Your assignment: Each record is to be transcribed exactly.

Records from a data collection
▼

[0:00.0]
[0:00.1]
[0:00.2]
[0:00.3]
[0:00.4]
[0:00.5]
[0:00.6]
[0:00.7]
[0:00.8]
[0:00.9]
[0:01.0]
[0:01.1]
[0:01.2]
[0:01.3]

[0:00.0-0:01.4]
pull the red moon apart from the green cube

▲

Answer space:
[0:00.0]
[0:00.1]
[0:00.2]
[0:00.3]
[0:00.4]
[0:00.5]
[0:00.6]
[0:00.7]
[0:00.8]
[0:00.9]
[0:01.0]
[0:01.1]
[0:01.2]
[0:01.3]

[0:00.0-0:01.4]
pull the red moon apart from the green cube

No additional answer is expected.